Une histoire de marche‏ (Djoe L'indien)

Malgré la brume qui nageait entre les arbres, j'étais parti me promener cette après-midi là. Ce n'était pas un épais brouillard, juste un voile opalescent qui flottait sur la campagne. Le paysage était lumineux, peut-être un peu moins coloré qu'à son habitude...

J'ai suivi longtemps la rivière, bien plus loin que de coutume, et découvrais un paysage inconnu. L'eau chantait doucement, un héron s'enfuyait à mon approche,. Inlassablement, pour se poser un peu plus avant. Quelques passereaux changeaient d'arbre ou se cachaient plus profondément sous les feuilles. Le bruissement des insectes ronronnait au dessus des bosquets fleuris. C'est alors que s'offrit à ma vue, entre deux branches, cet objet métallique,  plus ou moins indéterminé puisque je n'en voyais qu'une petite partie.

Pénétrant le taillis, je me suis approché et découvris ce qui semblait être un escalier à vis. Objet fort incongru en ce lieu puisque rien ne laissait soupçonner la moindre parcelle d'utilité à sa présence ! Même pas quelques pierres alentours qui auraient pu faire croire que jadis une maison se trouvait ici. Il n'était pas couché à terre mais bien vertical, pointant vers le ciel comme s'il servait à grimper sur les nuages. Et il semblait étonnamment stable. Assez en tout cas pour que l'idée de me hasarder dessus naisse dans mon esprit.

 

Lorsque mon pied fut sur la première marche, un petit panneau se dessina sur le montant central , que je n'avais pas vu jusqu'à présent ; je m'approchai et pus déchiffrer le message suivant : "Attention, cet escalier est sans fin !". "Quel plaisantin a pu avoir l'idée d'inscrire un truc aussi idiot ?", me demandai-je en commençant à monter.

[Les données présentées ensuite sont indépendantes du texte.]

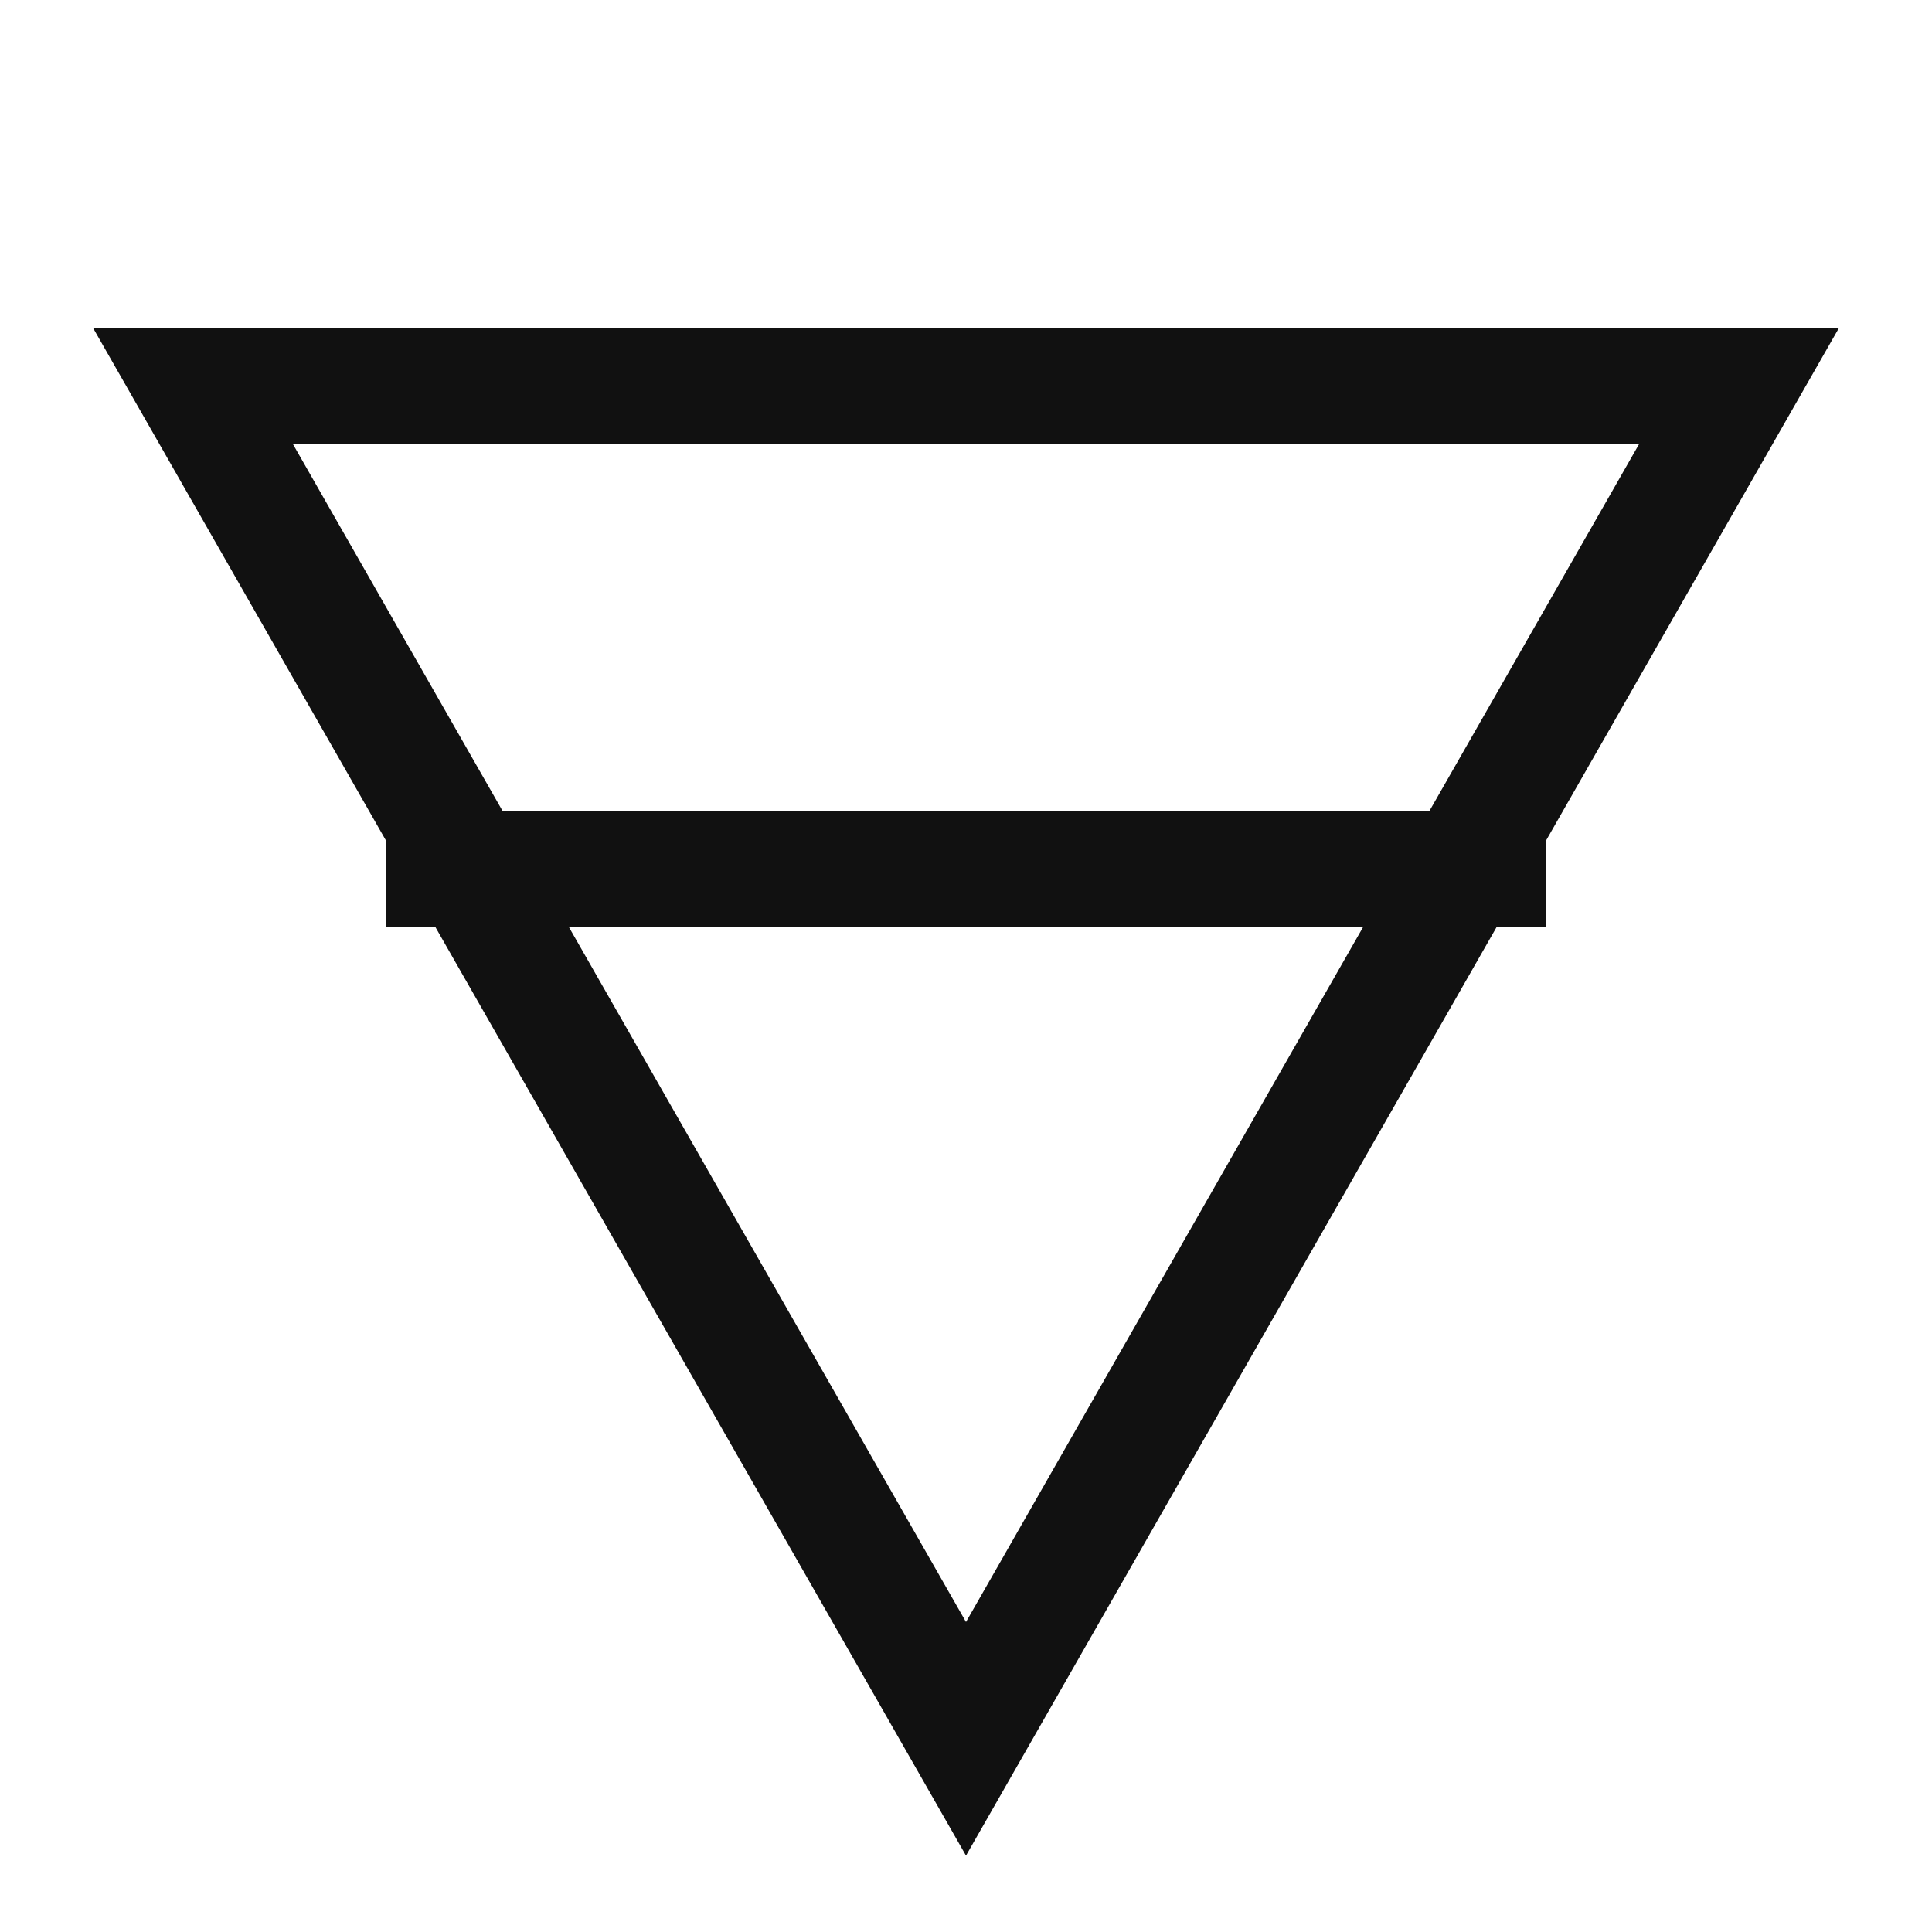 <svg xmlns="http://www.w3.org/2000/svg" width="24" height="24" viewBox="0 0 100 100">
  <polygon points="10,20 90,20 50,90" stroke="#111" stroke-width="6" fill="none" />
  <line x1="20" y1="45" x2="80" y2="45" stroke="#111" stroke-width="6" />
</svg>

En quelques enjambées j'avais parcouru le tour de vis qui montait à la cime. C'est alors qu'apparut un second panonceau : "Pourtant, on vous avait prévenu !". Perplexe, j'en profitais pour admirer la vue... Qui contre toute attente s'était volatilisée. Ce n'était pas le brouillard qui avait épaissi, non, c'était simplement le paysage qui avait disparu ! Il ne restait que l'escalier, flottant dans un univers sans couleur ni dimension.

 

Je suis redescendu, un soupçon de panique naissante rendait mes jambes un peu moins sûres qu'à la montée. Chose qui ne s'arrangeât pas lorsque je vis les premières marches disparaître ! A vue de nez, il allait falloir grimper si je ne voulais pas me perdre dans le vide. Ce que je commençais assez rapidement. Combien de temps allais-je endurer ce supplice ? Qui donc était derrière tout ça ? Je savais bien que j'aurais mieux fait d'arrêter de fumer depuis longtemps...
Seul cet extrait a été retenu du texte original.